Problem to solve: Nothing but the lines from the one containing "Transcribe the Devanagari" through the end of the data below should appear in the answer, each exact and free of pictures.

Data extracted from a collection

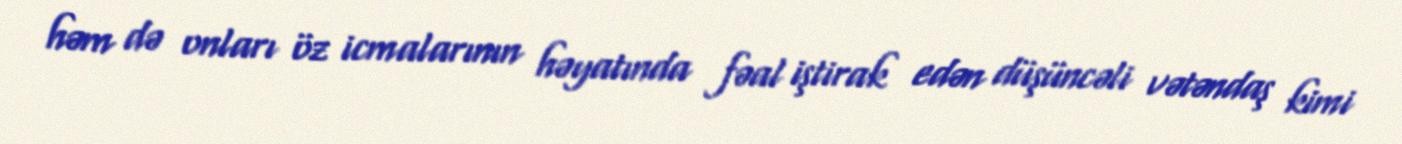
həm də onları öz icmalarının həyatında fəal iştirak edən düşüncəli vətəndaş kimi
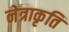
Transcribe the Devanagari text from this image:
नेत्राकृति
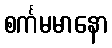
စင်္ကမမာနော
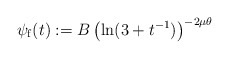
\begin{align*}\psi_\mathrm{f}(t):=B\left(\ln(3+t^{-1})\right)^{-2\mu\theta}\end{align*}
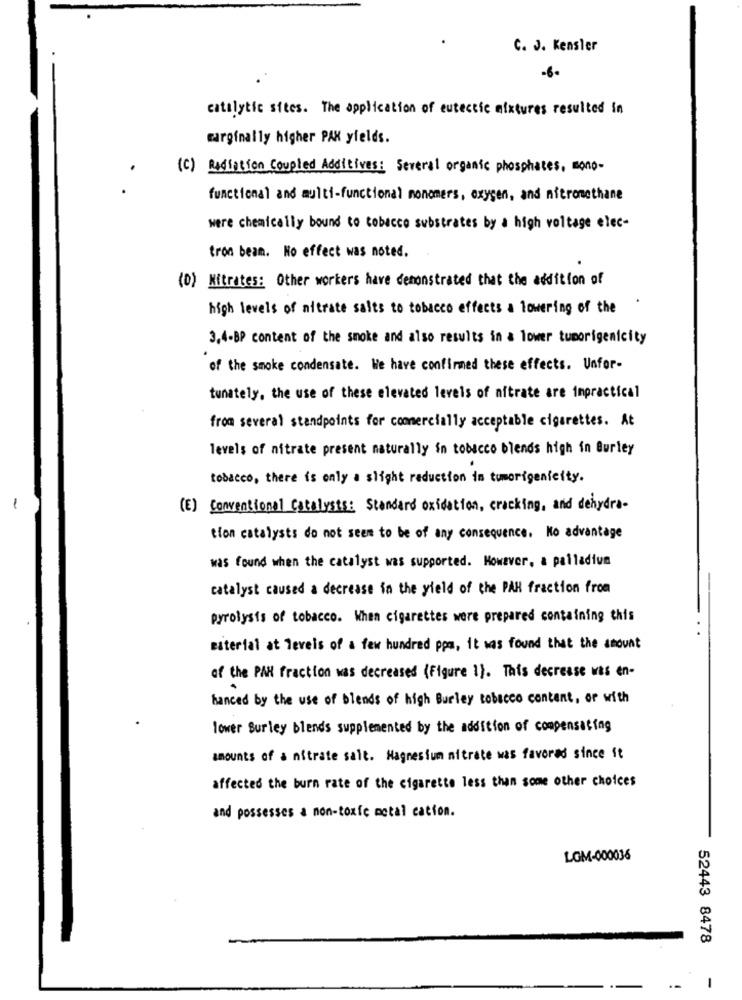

Problem solution:
Transcribe the Devanagari text from this image:
नेत्राकृति
စင်္ကမမာနော
\begin{align*}\psi_\mathrm{f}(t):=B\left(\ln(3+t^{-1})\right)^{-2\mu\theta}\end{align*}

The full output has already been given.